Start of Data for processing

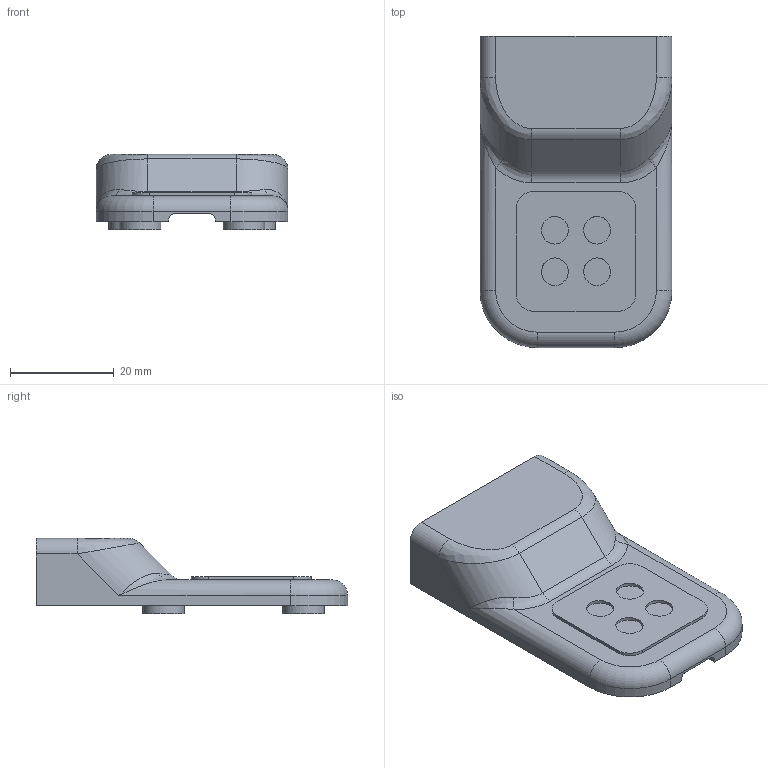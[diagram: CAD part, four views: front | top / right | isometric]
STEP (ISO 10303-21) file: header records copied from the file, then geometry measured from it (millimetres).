
FILE_DESCRIPTION(/* description */ (''),/* implementation_level */ '2;1');
FILE_NAME(/* name */ 'housing_upper.step',/* time_stamp */ '2021-07-28T17:01:02+02:00',/* author */ (''),/* organization */ (''),/* preprocessor_version */ 'ST-DEVELOPER v18.1',/* originating_system */ 'Autodesk Translation Framework v10.9.0.1377',/* authorisation */ '');
FILE_SCHEMA (('AUTOMOTIVE_DESIGN { 1 0 10303 214 3 1 1 }'));
Length unit declared in the file: millimetre
Products named in the file (1): housing_upper
Bounding box: 37 x 60 x 14.5 mm (x, y, z)
Volume: 7412 mm3; surface area: 7029.9 mm2
Topology: 1 solids, 1 shells, 100 faces, 240 edges, 151 vertices
Faces by surface type: plane 50, cylinder 34, bspline 12, cone 2, torus 2
Full cylindrical faces by diameter (mm): 4 x4, 8 x4
Entity records: 3347 total; most frequent: CARTESIAN_POINT 973, DIRECTION 501, ORIENTED_EDGE 476, EDGE_CURVE 238, AXIS2_PLACEMENT_3D 186, VERTEX_POINT 151, LINE 129, VECTOR 129
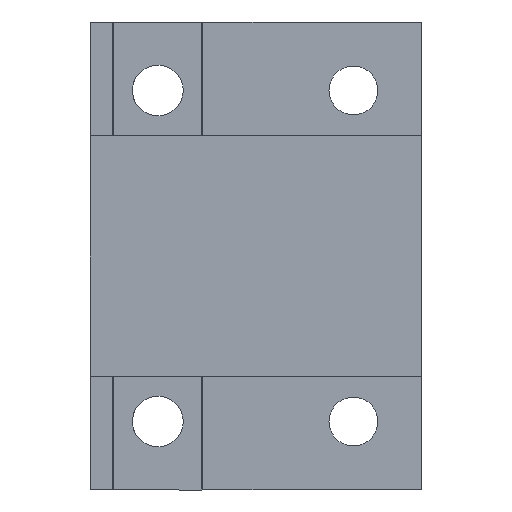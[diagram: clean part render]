
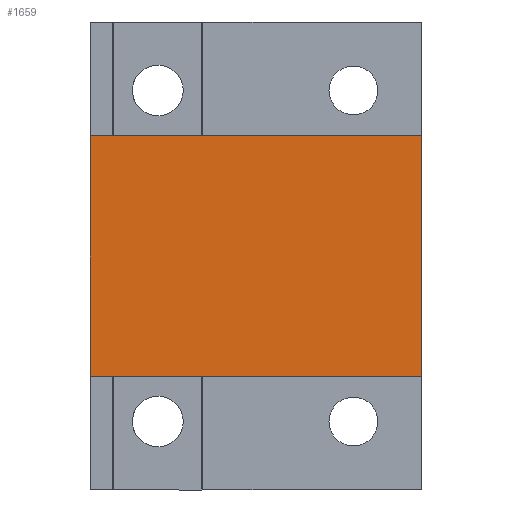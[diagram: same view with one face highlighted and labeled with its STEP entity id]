
A CAD part, front view. The second image highlights one B-rep face of the part: STEP entity #1659.
In plain terms, the highlighted planar face has unit normal (0, -1, 0).
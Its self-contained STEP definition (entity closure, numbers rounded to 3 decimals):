
#58 = PLANE ( 'NONE',  #3032 ) ;
#89 = EDGE_CURVE ( 'NONE', #5642, #1682, #1677, .T. ) ;
#173 = VECTOR ( 'NONE', #5275, 1000. ) ;
#297 = DIRECTION ( 'NONE',  ( 0., 0., -1. ) ) ;
#519 = VERTEX_POINT ( 'NONE', #2430 ) ;
#589 = CARTESIAN_POINT ( 'NONE',  ( -18., 9.1, 32. ) ) ;
#938 = CARTESIAN_POINT ( 'NONE',  ( -18., 9.1, -32. ) ) ;
#1060 = CARTESIAN_POINT ( 'NONE',  ( -18., 9.1, -32. ) ) ;
#1097 = LINE ( 'NONE', #4846, #1968 ) ;
#1108 = DIRECTION ( 'NONE',  ( 0., 0., -1. ) ) ;
#1424 = EDGE_CURVE ( 'NONE', #5024, #5642, #1097, .T. ) ;
#1493 = CARTESIAN_POINT ( 'NONE',  ( 70., 9.1, -32. ) ) ;
#1659 = ADVANCED_FACE ( 'NONE', ( #4337 ), #58, .T. ) ;
#1677 = LINE ( 'NONE', #1060, #6207 ) ;
#1682 = VERTEX_POINT ( 'NONE', #3627 ) ;
#1968 = VECTOR ( 'NONE', #297, 1000. ) ;
#2084 = CARTESIAN_POINT ( 'NONE',  ( -18., 9.1, -32. ) ) ;
#2093 = ORIENTED_EDGE ( 'NONE', *, *, #89, .T. ) ;
#2393 = ORIENTED_EDGE ( 'NONE', *, *, #4496, .T. ) ;
#2430 = CARTESIAN_POINT ( 'NONE',  ( 70., 9.1, 32. ) ) ;
#2807 = EDGE_LOOP ( 'NONE', ( #6164, #2393, #4048, #2093 ) ) ;
#2916 = DIRECTION ( 'NONE',  ( 0., 0., 1. ) ) ;
#3032 = AXIS2_PLACEMENT_3D ( 'NONE', #2084, #6197, #1108 ) ;
#3057 = DIRECTION ( 'NONE',  ( 1., 0., 0. ) ) ;
#3627 = CARTESIAN_POINT ( 'NONE',  ( 70., 9.1, -32. ) ) ;
#4048 = ORIENTED_EDGE ( 'NONE', *, *, #1424, .T. ) ;
#4337 = FACE_OUTER_BOUND ( 'NONE', #2807, .T. ) ;
#4496 = EDGE_CURVE ( 'NONE', #519, #5024, #5386, .T. ) ;
#4846 = CARTESIAN_POINT ( 'NONE',  ( -18., 9.1, 62.2 ) ) ;
#5024 = VERTEX_POINT ( 'NONE', #589 ) ;
#5246 = CARTESIAN_POINT ( 'NONE',  ( -18., 9.1, 32. ) ) ;
#5273 = LINE ( 'NONE', #1493, #6166 ) ;
#5275 = DIRECTION ( 'NONE',  ( -1., 0., 0. ) ) ;
#5386 = LINE ( 'NONE', #5246, #173 ) ;
#5642 = VERTEX_POINT ( 'NONE', #938 ) ;
#6164 = ORIENTED_EDGE ( 'NONE', *, *, #6532, .T. ) ;
#6166 = VECTOR ( 'NONE', #2916, 1000. ) ;
#6197 = DIRECTION ( 'NONE',  ( 0., -1., 0. ) ) ;
#6207 = VECTOR ( 'NONE', #3057, 1000. ) ;
#6532 = EDGE_CURVE ( 'NONE', #1682, #519, #5273, .T. ) ;
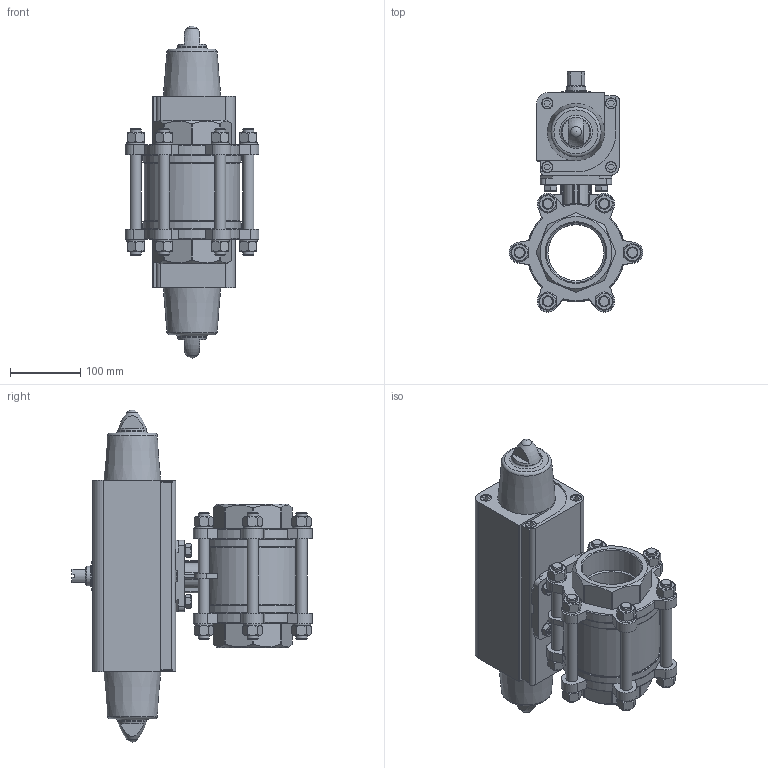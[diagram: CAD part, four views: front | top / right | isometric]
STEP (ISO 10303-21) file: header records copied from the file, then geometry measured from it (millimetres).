
FILE_DESCRIPTION(/* description */ ('STEP AP214'),/* implementation_level */ '2;1');
FILE_NAME(/* name */ '1758078_VZBA-3-GG-63-T-22-F0710-V4V4T-PS180-R-90-4-C',/* time_stamp */ '2024-09-18T00:30:59+02:00',/* author */ ('License CC BY-ND 4.0'),/* organization */ ('CADENAS'),/* preprocessor_version */ 'ST-DEVELOPER v19.3',/* originating_system */ 'PARTsolutions',/* authorisation */ ' ');
FILE_SCHEMA (('AUTOMOTIVE_DESIGN {1 0 10303 214 3 1 1}'));
Length unit declared in the file: millimetre
Products named in the file (8): 1758078 VZBA-3"-GG-63-T-22-F0710-V4V4T-PS180-R-90-4-C; 1686651 VZBA-3''-GG-63-T-22-F0710-V4V4T; 690069 S 10 A2; DIN 934 - M10(F); DIN-913 - M10x40; 8082126 DARQ-R-A-S22-S17-22; 533450 DAPS-0180-090-RS4-F0710---(1); 533450 DAPS-0180-090-RS4-F0710---(2)
Assembly tree (15 placements, depth 2):
  1758078 VZBA-3"-GG-63-T-22-F0710-V4V4T-PS180-R-90-4-C
    690069 S 10 A2  x4
    DIN 934 - M10(F)  x4
    DIN-913 - M10x40  x4
    8082126 DARQ-R-A-S22-S17-22
    533450 DAPS-0180-090-RS4-F0710---(1)
    533450 DAPS-0180-090-RS4-F0710---(2)
  1686651 VZBA-3''-GG-63-T-22-F0710-V4V4T
Bounding box: 190.9 x 342.69 x 474 mm (x, y, z)
Volume: 6482465.6 mm3; surface area: 531840.2 mm2
Topology: 16 solids, 16 shells, 852 faces, 2104 edges, 1346 vertices
Faces by surface type: plane 451, cylinder 206, cone 149, torus 44, sphere 2
Full cylindrical faces by diameter (mm): 4.134 x8, 4.917 x1, 6.647 x4, 8.376 x8, 8.566 x2, 10 x4, 10.5 x4, 16 x30, 17 x14, 23.5 x1, 28 x1, 31.3 x1, 41 x2, 44 x2, 80 x1, 84.926 x2, 137 x1, 140 x1
Entity records: 22092 total; most frequent: CARTESIAN_POINT 5091, DIRECTION 3400, ORIENTED_EDGE 3218, EDGE_CURVE 1609, AXIS2_PLACEMENT_3D 1283, VERTEX_POINT 1167, FACE_BOUND 1072, EDGE_LOOP 1053

End of Data for processing

◆ **Task goal**:
Write out again every line above exactly as given; the pictures do not belong in the copy.

◆ **Exercise solution**:
[diagram: CAD part, four views: front | top / right | isometric]
STEP (ISO 10303-21) file: header records copied from the file, then geometry measured from it (millimetres).
FILE_DESCRIPTION(/* description */ (''),/* implementation_level */ '2;1');
FILE_NAME(/* name */ 'housing_upper.step',/* time_stamp */ '2021-07-28T17:01:02+02:00',/* author */ (''),/* organization */ (''),/* preprocessor_version */ 'ST-DEVELOPER v18.1',/* originating_system */ 'Autodesk Translation Framework v10.9.0.1377',/* authorisation */ '');
FILE_SCHEMA (('AUTOMOTIVE_DESIGN { 1 0 10303 214 3 1 1 }'));
Length unit declared in the file: millimetre
Products named in the file (1): housing_upper
Bounding box: 37 x 60 x 14.5 mm (x, y, z)
Volume: 7412 mm3; surface area: 7029.9 mm2
Topology: 1 solids, 1 shells, 100 faces, 240 edges, 151 vertices
Faces by surface type: plane 50, cylinder 34, bspline 12, cone 2, torus 2
Full cylindrical faces by diameter (mm): 4 x4, 8 x4
Entity records: 3347 total; most frequent: CARTESIAN_POINT 973, DIRECTION 501, ORIENTED_EDGE 476, EDGE_CURVE 238, AXIS2_PLACEMENT_3D 186, VERTEX_POINT 151, LINE 129, VECTOR 129
[diagram: clean part render]
[diagram: same view with one face highlighted and labeled with its STEP entity id]
A CAD part, front view. The second image highlights one B-rep face of the part: STEP entity #1659.
In plain terms, the highlighted planar face has unit normal (0, -1, 0).
Its self-contained STEP definition (entity closure, numbers rounded to 3 decimals):
#58 = PLANE ( 'NONE',  #3032 ) ;
#89 = EDGE_CURVE ( 'NONE', #5642, #1682, #1677, .T. ) ;
#173 = VECTOR ( 'NONE', #5275, 1000. ) ;
#297 = DIRECTION ( 'NONE',  ( 0., 0., -1. ) ) ;
#519 = VERTEX_POINT ( 'NONE', #2430 ) ;
#589 = CARTESIAN_POINT ( 'NONE',  ( -18., 9.1, 32. ) ) ;
#938 = CARTESIAN_POINT ( 'NONE',  ( -18., 9.1, -32. ) ) ;
#1060 = CARTESIAN_POINT ( 'NONE',  ( -18., 9.1, -32. ) ) ;
#1097 = LINE ( 'NONE', #4846, #1968 ) ;
#1108 = DIRECTION ( 'NONE',  ( 0., 0., -1. ) ) ;
#1424 = EDGE_CURVE ( 'NONE', #5024, #5642, #1097, .T. ) ;
#1493 = CARTESIAN_POINT ( 'NONE',  ( 70., 9.1, -32. ) ) ;
#1659 = ADVANCED_FACE ( 'NONE', ( #4337 ), #58, .T. ) ;
#1677 = LINE ( 'NONE', #1060, #6207 ) ;
#1682 = VERTEX_POINT ( 'NONE', #3627 ) ;
#1968 = VECTOR ( 'NONE', #297, 1000. ) ;
#2084 = CARTESIAN_POINT ( 'NONE',  ( -18., 9.1, -32. ) ) ;
#2093 = ORIENTED_EDGE ( 'NONE', *, *, #89, .T. ) ;
#2393 = ORIENTED_EDGE ( 'NONE', *, *, #4496, .T. ) ;
#2430 = CARTESIAN_POINT ( 'NONE',  ( 70., 9.1, 32. ) ) ;
#2807 = EDGE_LOOP ( 'NONE', ( #6164, #2393, #4048, #2093 ) ) ;
#2916 = DIRECTION ( 'NONE',  ( 0., 0., 1. ) ) ;
#3032 = AXIS2_PLACEMENT_3D ( 'NONE', #2084, #6197, #1108 ) ;
#3057 = DIRECTION ( 'NONE',  ( 1., 0., 0. ) ) ;
#3627 = CARTESIAN_POINT ( 'NONE',  ( 70., 9.1, -32. ) ) ;
#4048 = ORIENTED_EDGE ( 'NONE', *, *, #1424, .T. ) ;
#4337 = FACE_OUTER_BOUND ( 'NONE', #2807, .T. ) ;
#4496 = EDGE_CURVE ( 'NONE', #519, #5024, #5386, .T. ) ;
#4846 = CARTESIAN_POINT ( 'NONE',  ( -18., 9.1, 62.2 ) ) ;
#5024 = VERTEX_POINT ( 'NONE', #589 ) ;
#5246 = CARTESIAN_POINT ( 'NONE',  ( -18., 9.1, 32. ) ) ;
#5273 = LINE ( 'NONE', #1493, #6166 ) ;
#5275 = DIRECTION ( 'NONE',  ( -1., 0., 0. ) ) ;
#5386 = LINE ( 'NONE', #5246, #173 ) ;
#5642 = VERTEX_POINT ( 'NONE', #938 ) ;
#6164 = ORIENTED_EDGE ( 'NONE', *, *, #6532, .T. ) ;
#6166 = VECTOR ( 'NONE', #2916, 1000. ) ;
#6197 = DIRECTION ( 'NONE',  ( 0., -1., 0. ) ) ;
#6207 = VECTOR ( 'NONE', #3057, 1000. ) ;
#6532 = EDGE_CURVE ( 'NONE', #1682, #519, #5273, .T. ) ;
[diagram: CAD part, four views: front | top / right | isometric]
STEP (ISO 10303-21) file: header records copied from the file, then geometry measured from it (millimetres).
FILE_DESCRIPTION(/* description */ ('STEP AP214'),/* implementation_level */ '2;1');
FILE_NAME(/* name */ '1758078_VZBA-3-GG-63-T-22-F0710-V4V4T-PS180-R-90-4-C',/* time_stamp */ '2024-09-18T00:30:59+02:00',/* author */ ('License CC BY-ND 4.0'),/* organization */ ('CADENAS'),/* preprocessor_version */ 'ST-DEVELOPER v19.3',/* originating_system */ 'PARTsolutions',/* authorisation */ ' ');
FILE_SCHEMA (('AUTOMOTIVE_DESIGN {1 0 10303 214 3 1 1}'));
Length unit declared in the file: millimetre
Products named in the file (8): 1758078 VZBA-3"-GG-63-T-22-F0710-V4V4T-PS180-R-90-4-C; 1686651 VZBA-3''-GG-63-T-22-F0710-V4V4T; 690069 S 10 A2; DIN 934 - M10(F); DIN-913 - M10x40; 8082126 DARQ-R-A-S22-S17-22; 533450 DAPS-0180-090-RS4-F0710---(1); 533450 DAPS-0180-090-RS4-F0710---(2)
Assembly tree (15 placements, depth 2):
  1758078 VZBA-3"-GG-63-T-22-F0710-V4V4T-PS180-R-90-4-C
    690069 S 10 A2  x4
    DIN 934 - M10(F)  x4
    DIN-913 - M10x40  x4
    8082126 DARQ-R-A-S22-S17-22
    533450 DAPS-0180-090-RS4-F0710---(1)
    533450 DAPS-0180-090-RS4-F0710---(2)
  1686651 VZBA-3''-GG-63-T-22-F0710-V4V4T
Bounding box: 190.9 x 342.69 x 474 mm (x, y, z)
Volume: 6482465.6 mm3; surface area: 531840.2 mm2
Topology: 16 solids, 16 shells, 852 faces, 2104 edges, 1346 vertices
Faces by surface type: plane 451, cylinder 206, cone 149, torus 44, sphere 2
Full cylindrical faces by diameter (mm): 4.134 x8, 4.917 x1, 6.647 x4, 8.376 x8, 8.566 x2, 10 x4, 10.5 x4, 16 x30, 17 x14, 23.5 x1, 28 x1, 31.3 x1, 41 x2, 44 x2, 80 x1, 84.926 x2, 137 x1, 140 x1
Entity records: 22092 total; most frequent: CARTESIAN_POINT 5091, DIRECTION 3400, ORIENTED_EDGE 3218, EDGE_CURVE 1609, AXIS2_PLACEMENT_3D 1283, VERTEX_POINT 1167, FACE_BOUND 1072, EDGE_LOOP 1053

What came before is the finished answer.